Saturday, 20 October 2012


Timing is essential in all financial trades. With option  the fluctuations may be the whole thing! The most appropriate investment saying for it might be, "Buy at the right time"! For example, you may be certain that an asset will rise in value. You are correct, and the asset rises in value during the day, week, etc. But as it was rising it had a few moments of backtracking. If you bought a binary option for the asset to rise, but you timed it for the short period when it lost a bit of value on its way up, you will lose money on the option even though your analysis was completely correct, long term.
Information that Affects Timing
The following points are items that can affect a traders timing:
·         Company earnings reports
·         Government reports
·         Political or social unrest
·         Sudden introduction of a competitive product
·         Volatility. If the asset is being traded more widely than usual, it often indicates strong market sentiment for the asset to continue moving in the same direction for a while.

To calculate the average monthly range one  will need access to reliable historical prices. For any stock, you can get historical open, high, low and closing prices for a given date range. This will give you all the key numbers that will be used in the calculation - the high and the low for each trading day. The average monthly range is nothing more than an average price within which the market fluctuates in a given month between its high and its low.

Timing the Different Types of Option...


One must determine the time frame for the movement you expect.  If you feel, for instance, that the asset will rise over the coming month, you would not buy a shorter-term option.  You would buy the option for one month. You would follow it closely and buy it again if your analysis continues to indicate an increase in value after a month.
When the asset has a retrenching day, you won't panic because your option is for a month.
The same applies but in reverse if you feel the asset will fall during the next month 
Touch/No Touch
Here the strike price, the price that triggers the touch in-the-money result, is vital. The broker sets the strike price close enough to the market price at purchase to entice buyers but not so close as to make it foolish for him to offer the option at all.


This option is best for an asset that has been trading in a shallow range for some time with low volatility .The broker will set the range narrowly; otherwise he has no reason to offer the option.  Here your analysis is important.
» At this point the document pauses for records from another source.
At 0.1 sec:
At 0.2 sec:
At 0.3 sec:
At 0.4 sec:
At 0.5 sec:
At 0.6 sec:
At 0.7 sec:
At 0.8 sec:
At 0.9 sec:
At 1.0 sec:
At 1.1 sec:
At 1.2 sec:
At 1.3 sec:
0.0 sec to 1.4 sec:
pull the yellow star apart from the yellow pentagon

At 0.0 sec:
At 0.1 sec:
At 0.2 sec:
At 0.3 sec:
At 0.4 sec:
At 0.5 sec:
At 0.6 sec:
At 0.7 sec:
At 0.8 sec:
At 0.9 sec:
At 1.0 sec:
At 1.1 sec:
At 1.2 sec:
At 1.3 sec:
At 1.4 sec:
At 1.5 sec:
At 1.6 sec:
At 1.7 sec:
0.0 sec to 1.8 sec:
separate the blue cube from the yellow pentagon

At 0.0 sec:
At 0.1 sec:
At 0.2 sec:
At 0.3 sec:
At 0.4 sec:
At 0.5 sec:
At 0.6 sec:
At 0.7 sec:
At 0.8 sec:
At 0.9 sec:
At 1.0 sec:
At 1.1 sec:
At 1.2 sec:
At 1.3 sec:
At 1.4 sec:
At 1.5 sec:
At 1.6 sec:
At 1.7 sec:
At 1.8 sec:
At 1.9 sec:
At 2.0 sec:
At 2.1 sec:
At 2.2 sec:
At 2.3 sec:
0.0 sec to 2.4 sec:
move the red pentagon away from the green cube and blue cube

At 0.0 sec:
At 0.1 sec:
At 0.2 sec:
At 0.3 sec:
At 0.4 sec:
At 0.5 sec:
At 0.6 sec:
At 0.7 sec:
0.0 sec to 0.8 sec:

If the asset has been trading narrowly for so long that you feel it will continue to do so, the range option may be the best for you.

The Bottom Line

It should be clear to you by now that binary options are an investment in every sense of the word. To trade binaries successfully you have to pay attention and study

1 comment:

  1. Sir, I have Position in Nifty Puts 7800 at avg price 47 and 7900-PE avg price 21 around 50 Lots. Is there any chances to get my price again at least by expiry Oct-29.

    If nifty come down 7850 kind of level by expiry date is there any chances to get my buying price.

    Please advice.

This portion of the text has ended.